[lbo-talk] violent crime up

Ted Winslow egwinslow at rogers.com
Fri Jun 16 04:42:19 PDT 2006


Doug Henwood wrote:


> How's that? You have some examples that show both similiarities and
> differences. Similarity: lots of guns. Differences: on the
> dependent side, murders; on the independent side, imperial history,
> frontier culture, inequality, racial heterogeneity... You control
> for the similarities and try to see if the dissimilarities are
> significant. That sounds like standard stats to me.

This implicitly assumes that individuals are everywhere and always the same so that differences in behaviour are explainable solely by differences in circumstances.

What if, though, the character of individuals is the product of the social relations within which they develop and live? Then differences in e.g murder rates may express cross-cultural variations in character due to variations in these relations.

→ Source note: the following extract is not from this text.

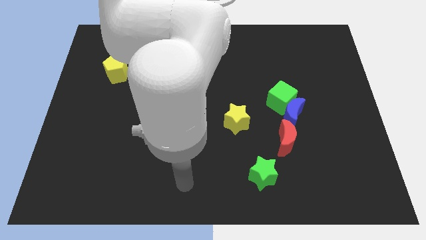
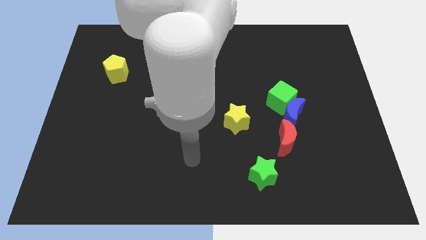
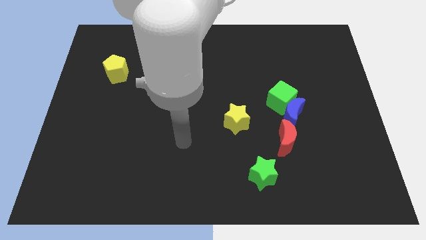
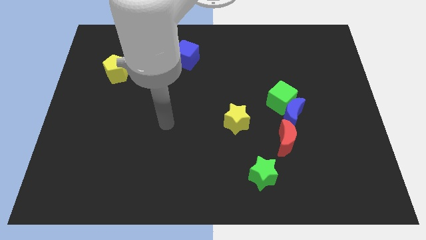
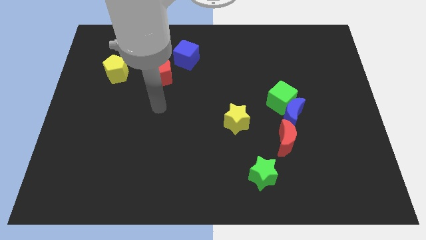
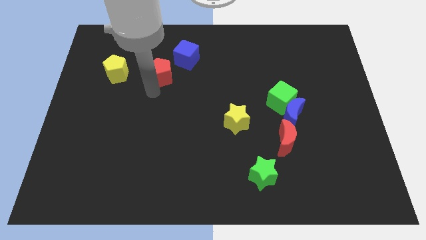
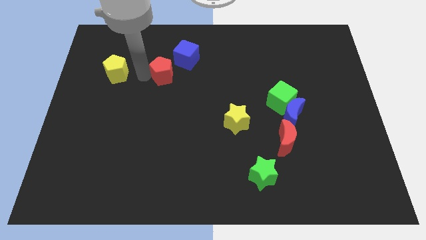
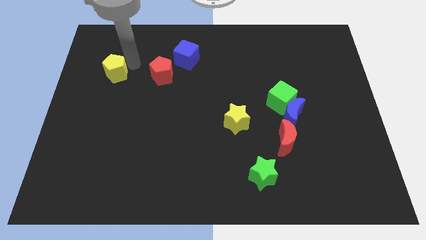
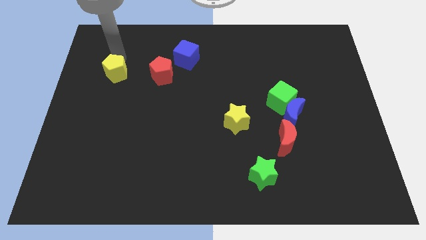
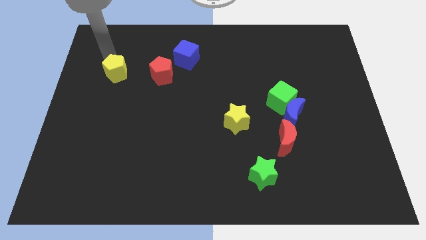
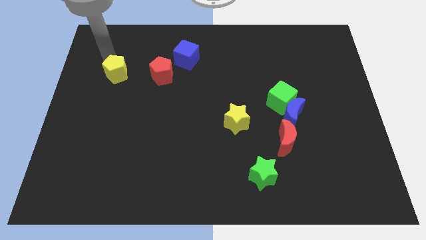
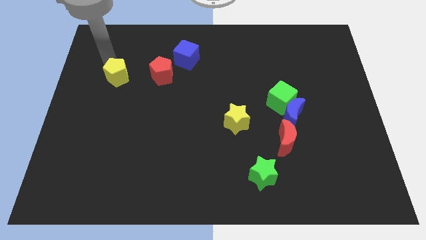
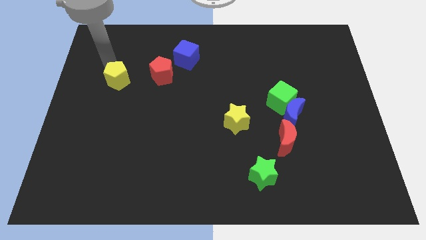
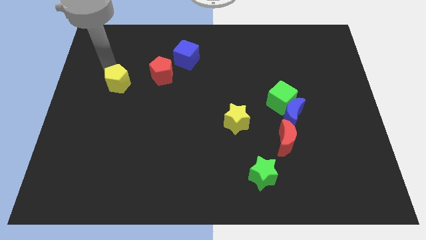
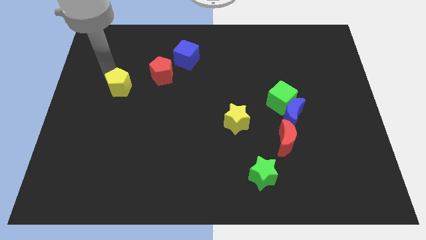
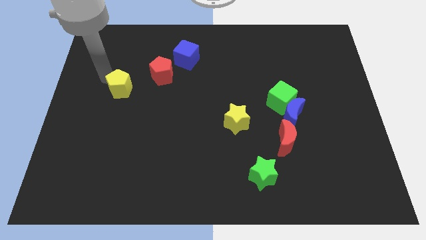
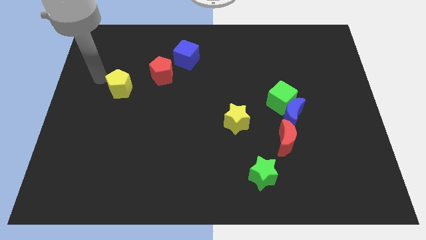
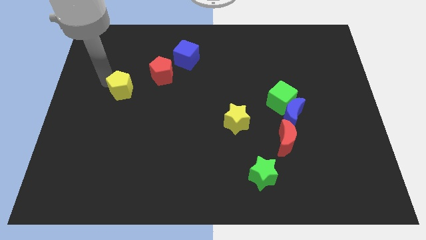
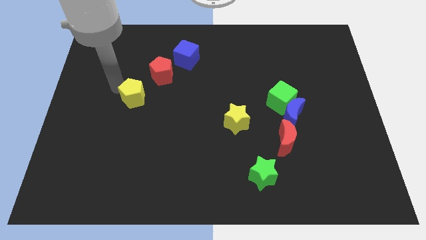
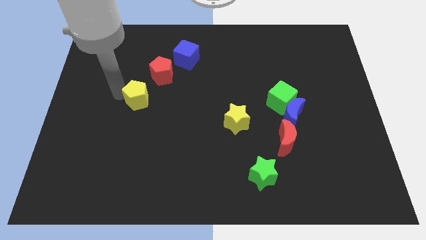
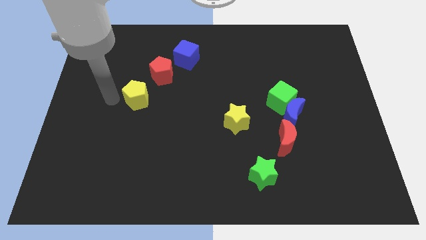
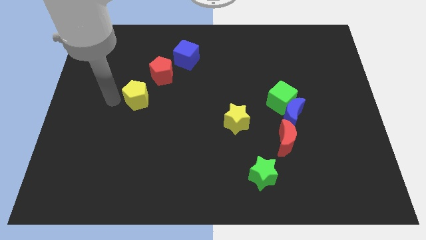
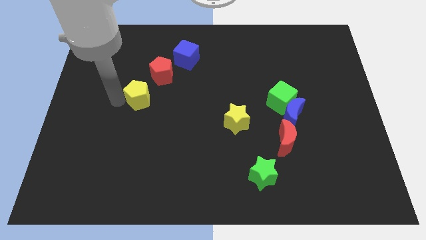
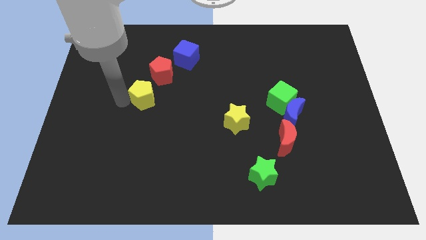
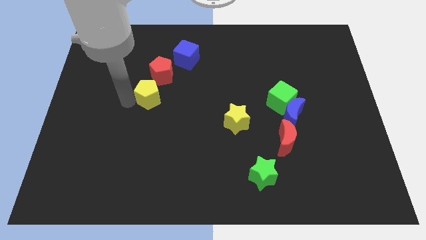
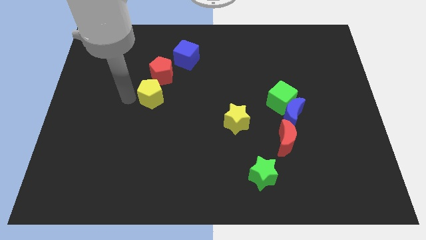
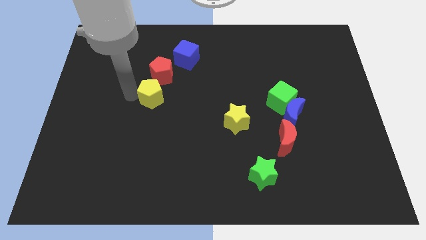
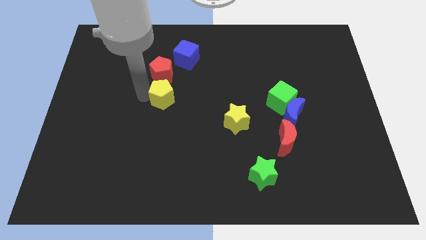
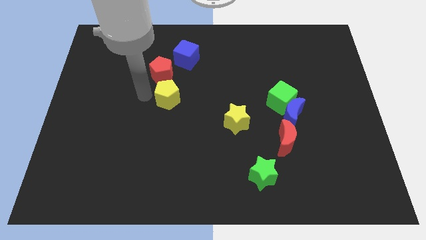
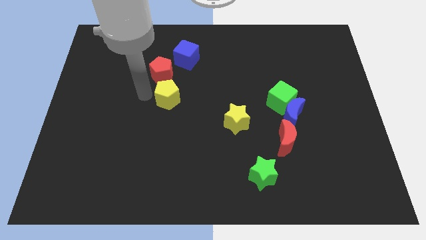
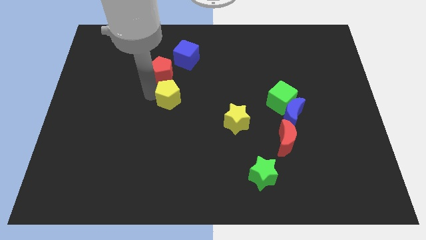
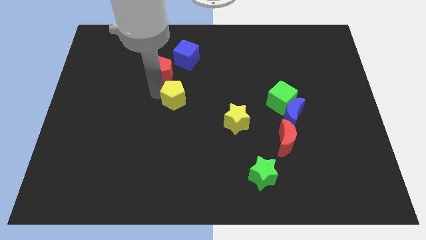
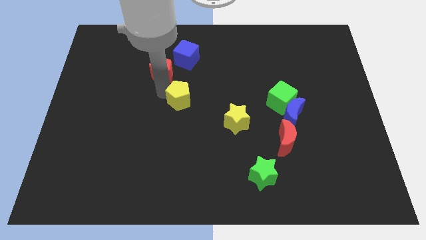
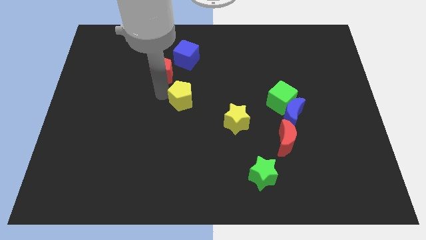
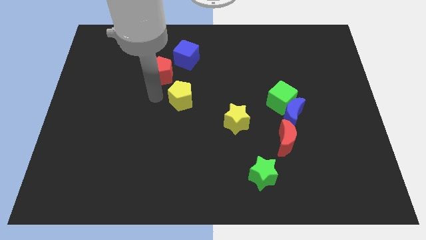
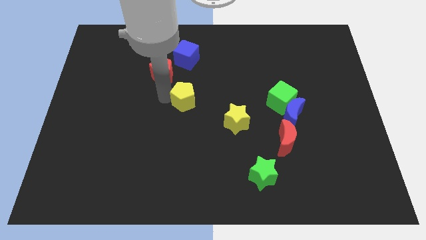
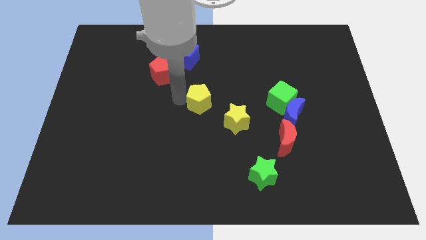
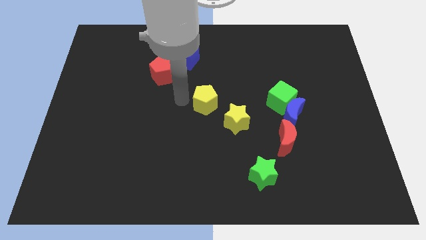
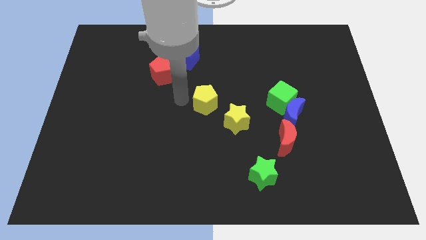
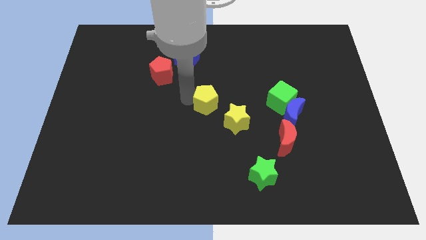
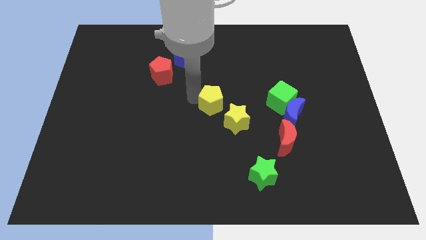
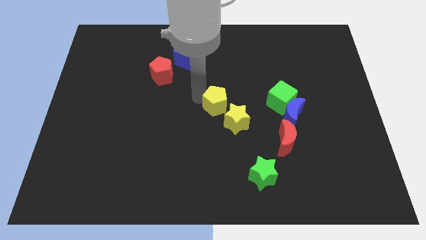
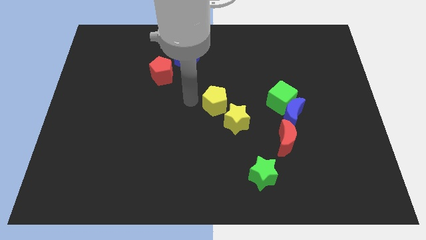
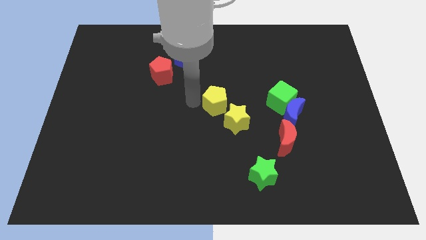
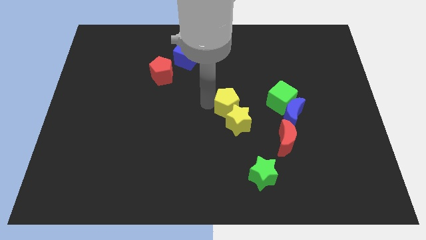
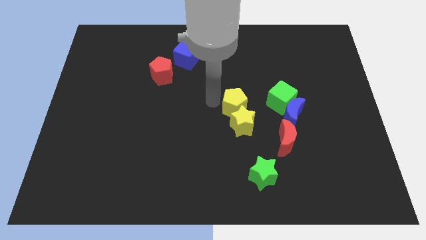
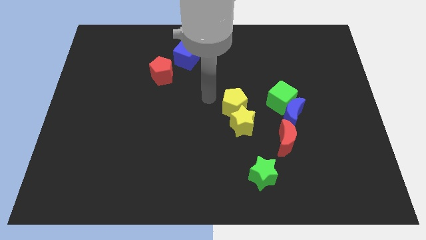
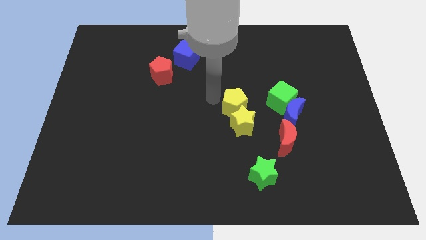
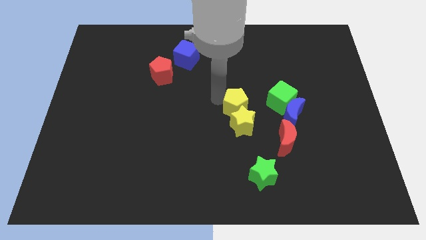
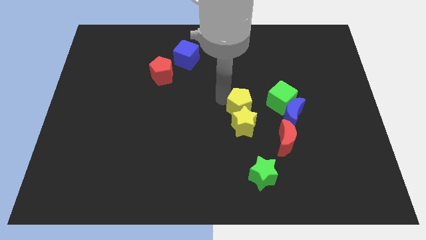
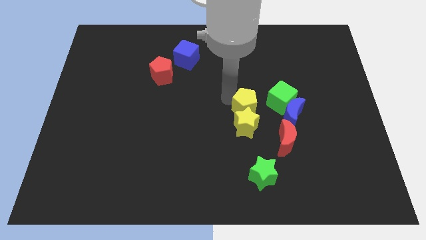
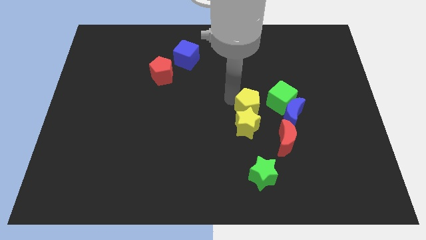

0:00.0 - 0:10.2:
move the yellow pentagon to the top left side of the red moon

This is the source of "crime" emphasized by Marx:

"If man draws all his knowledge, sensation, etc., from the world of the senses and the experience gained in it, then what has to be done is to arrange the empirical world in such a way that man experiences and becomes accustomed to what is truly human in it and that he becomes aware of himself as man. If correctly understood interest is the principle of all morality, man’s private interest must be made to coincide with the interest of humanity. If man is unfree in the materialistic sense, i.e., is free not through the negative power to avoid this or that, but through the positive power to assert his true individuality, crime must not be punished in the individual, but the anti-social sources of crime must be destroyed, and each man must be given social scope for the vital manifestation of his being. If man is shaped by environment, his environment must be made human." <http://www.marxists.org/archive/marx/works/1845/holy-family/ ch06_3_d.htm>

The psychoanalytic explanation of character as expressing differing degrees of ego strength and integration, the degree depending to an important extent on the nature of the social relations within which individuals develop, is consistent with this. It also provides an explanation of variation in the tendency of given individuals to act out in terms of the effect on personality structure of the formation of a psychological group e.g. a lynch mob.